Pembentukan Satgas PPKS tersebut menjadi bentuk komitmen bersama seluruh civitas akademika di perguruan tinggi. Selain itu, juga untuk memastikan pelaksanaan pendidikan di lingkungan setempat terbebas dari berbagai bentuk praktik kekerasan seksual.

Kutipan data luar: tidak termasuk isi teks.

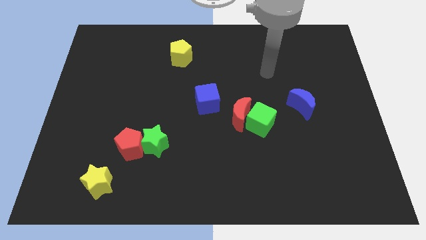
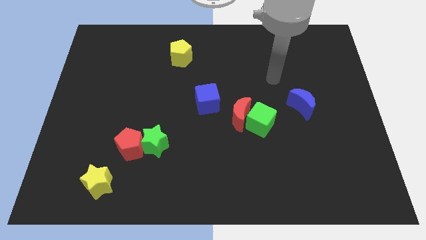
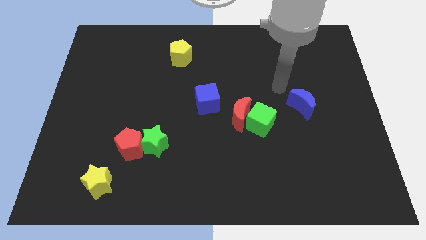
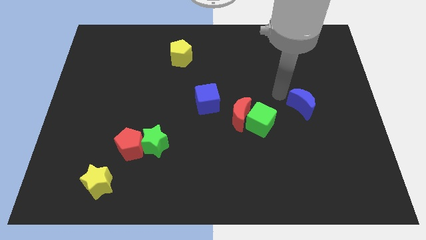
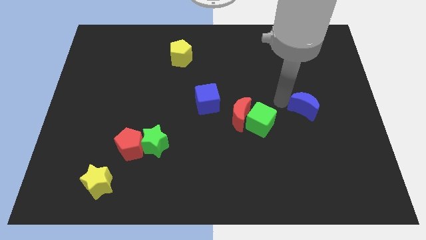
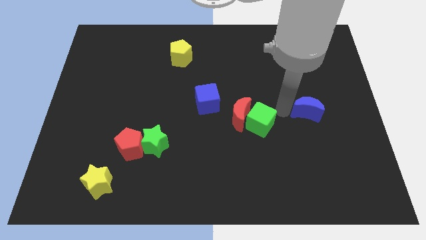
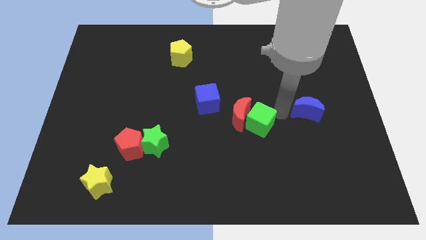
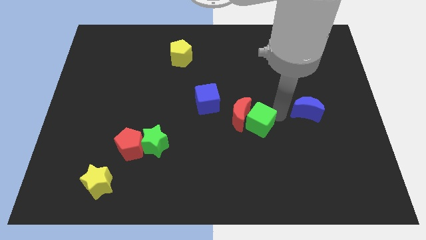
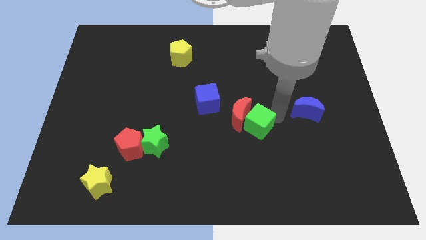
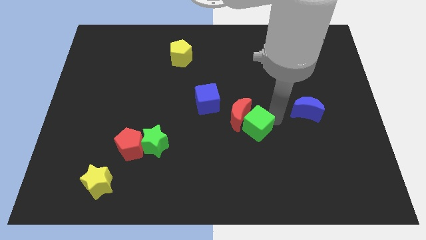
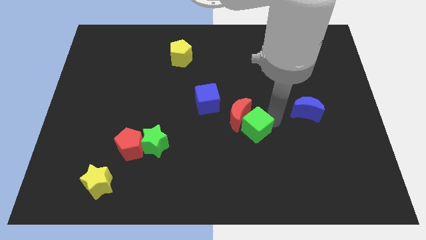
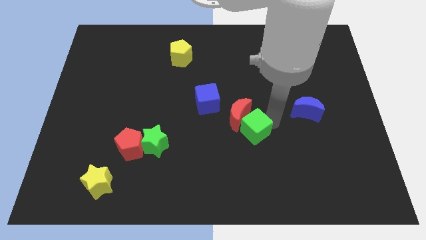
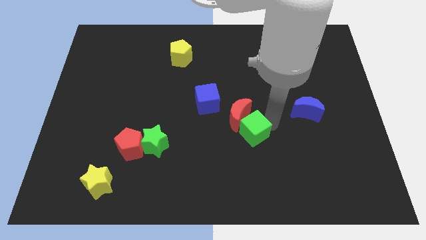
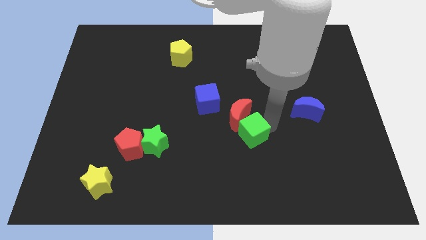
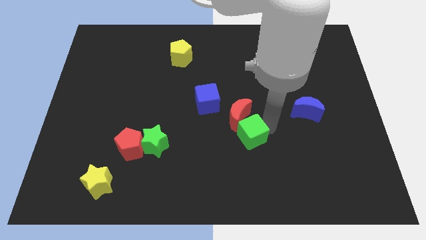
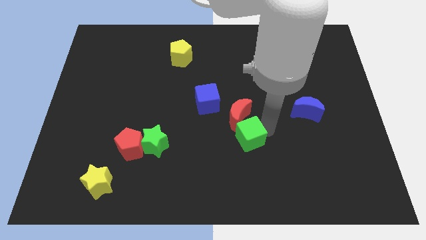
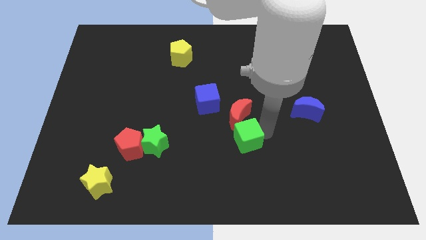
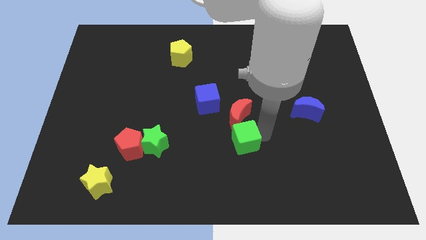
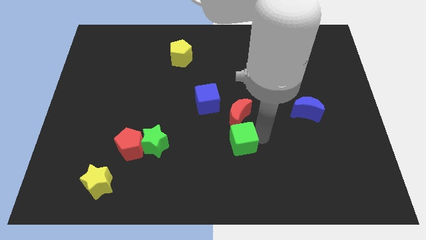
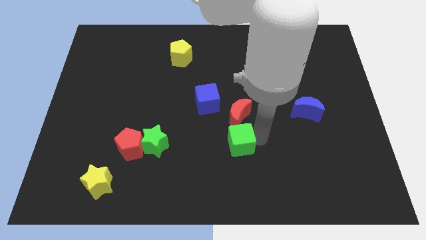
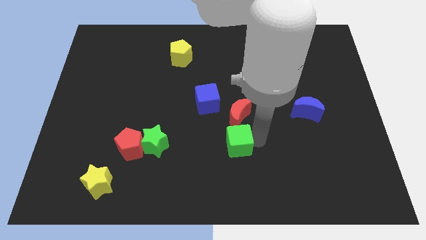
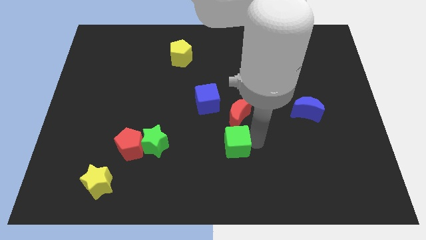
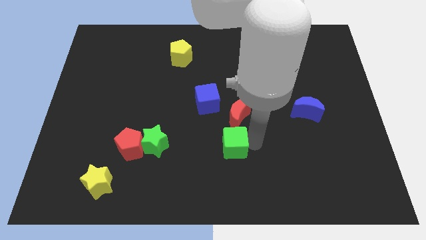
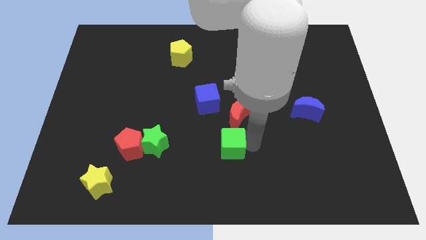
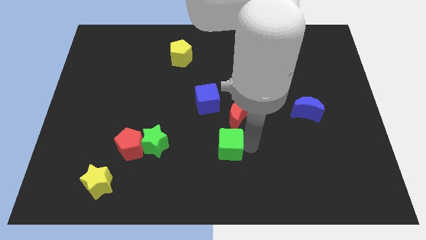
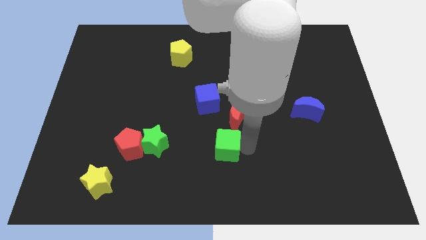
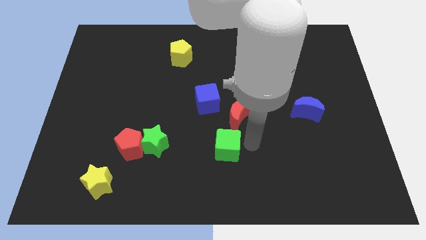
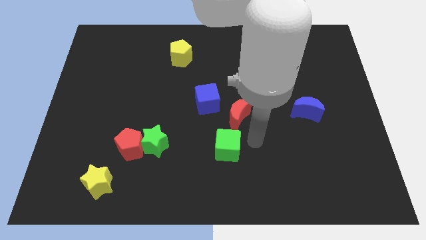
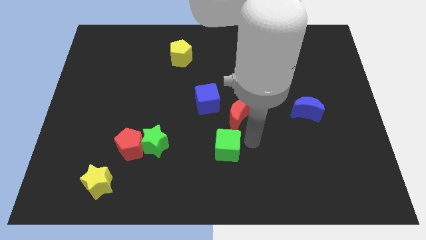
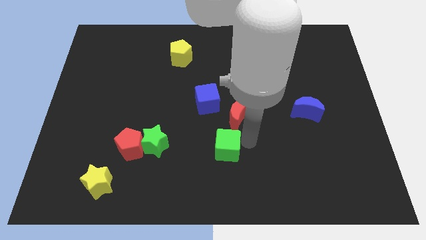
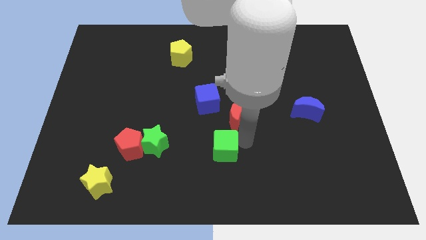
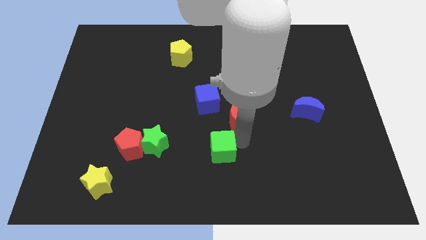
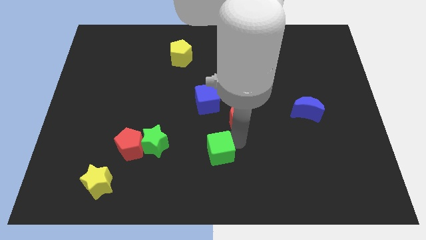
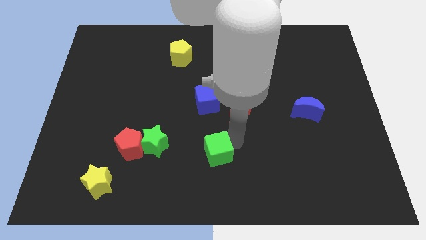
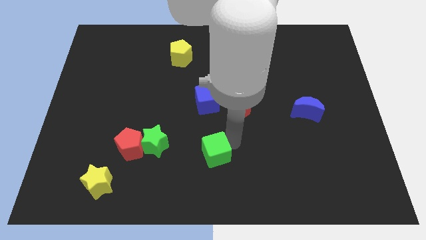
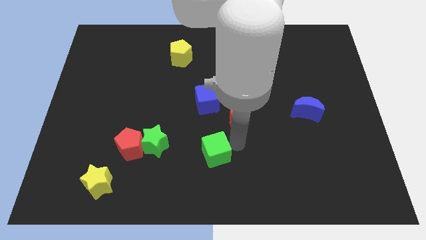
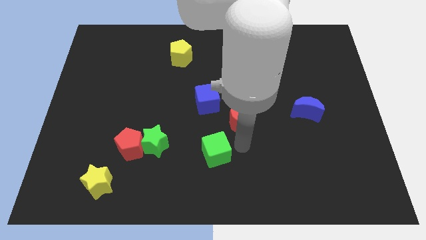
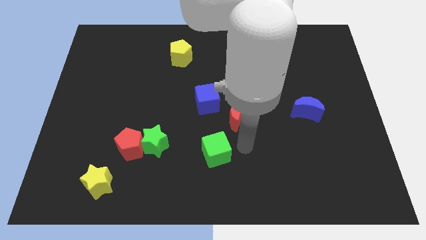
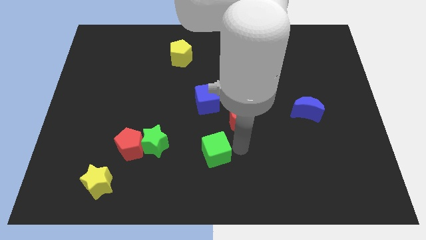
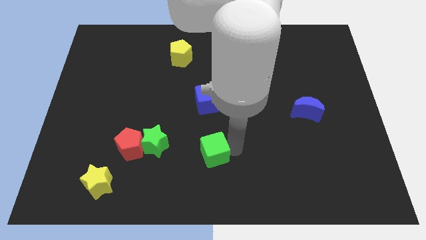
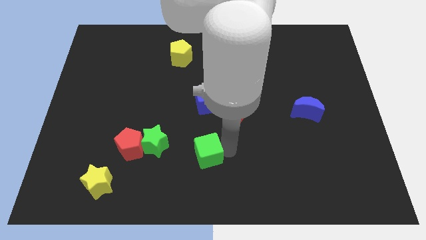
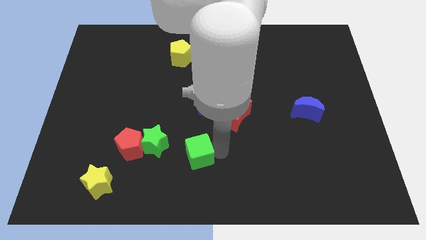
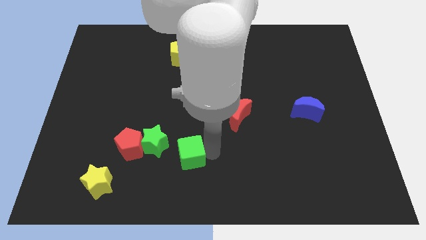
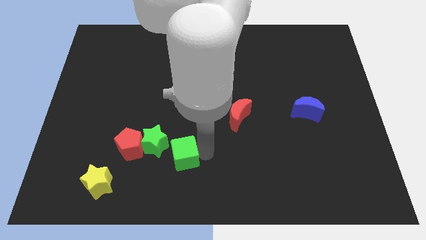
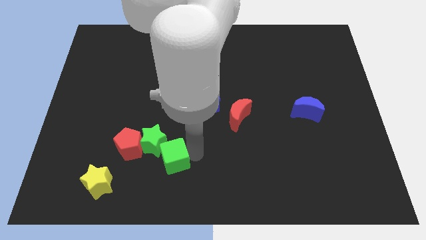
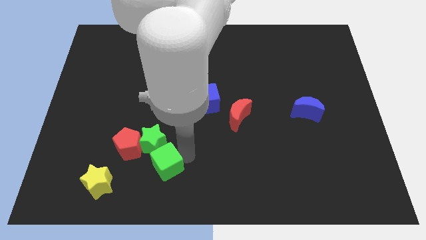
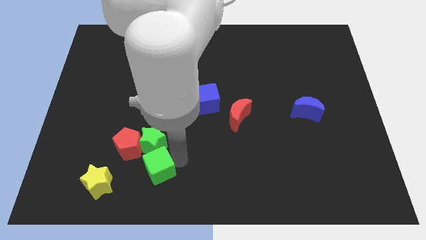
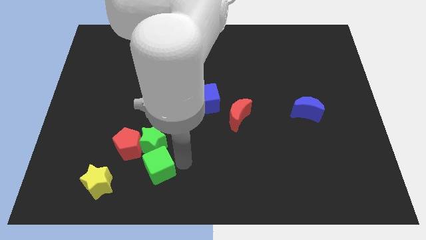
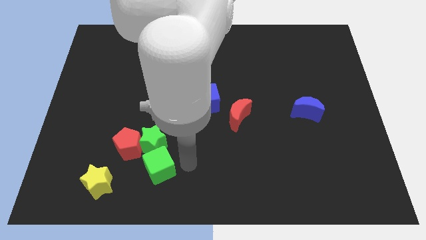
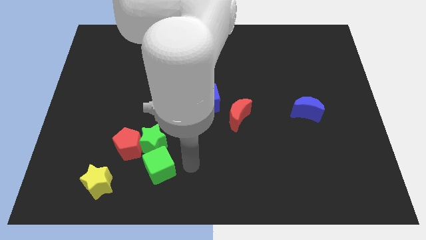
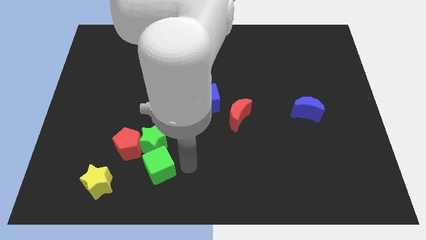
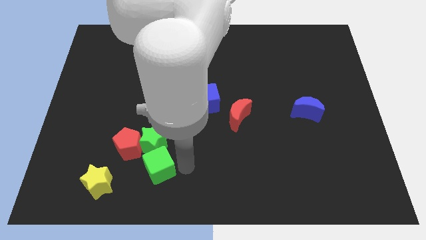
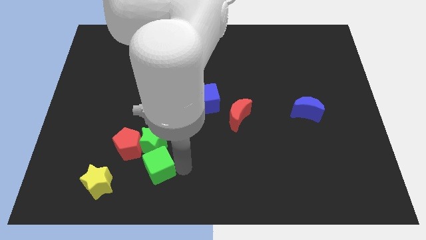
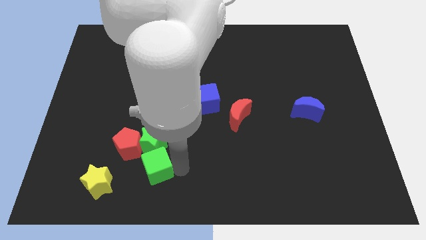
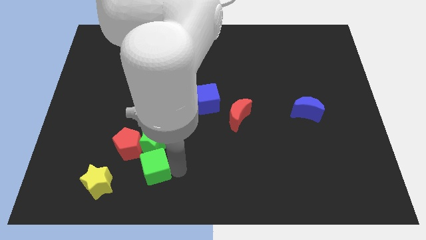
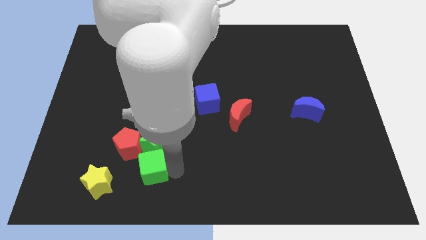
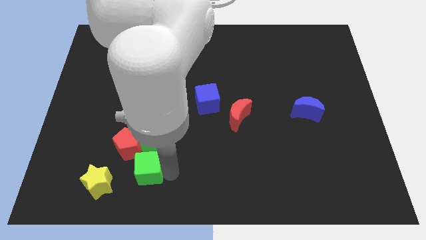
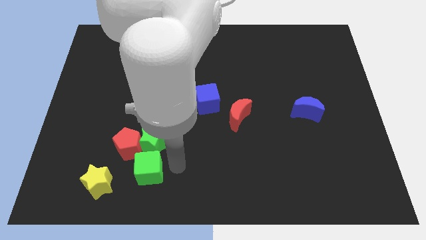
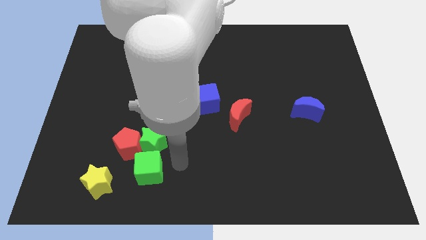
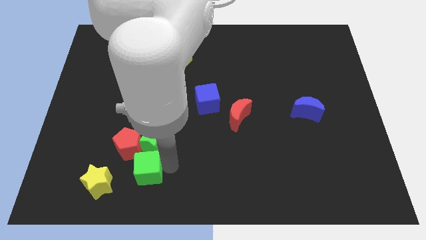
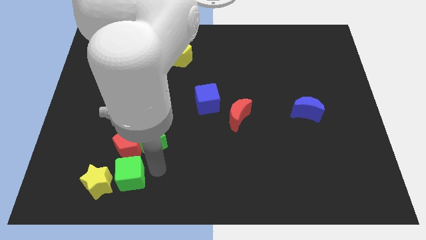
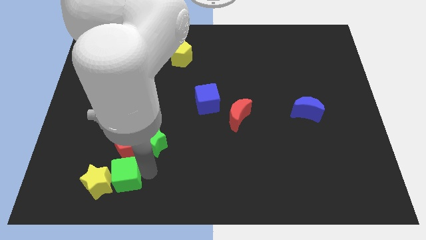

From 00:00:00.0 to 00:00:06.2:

Tindak kekerasan seksual saat ini menjadi salah satu ancaman yang nyata di dunia pendidikan, bahkan di lingkungan perguruan tinggi. Adanya rasa malu dari korban dan berbagai bentuk intimidasi oleh pelaku, membuat banyak tindak kekerasan seksual tidak dilaporkan.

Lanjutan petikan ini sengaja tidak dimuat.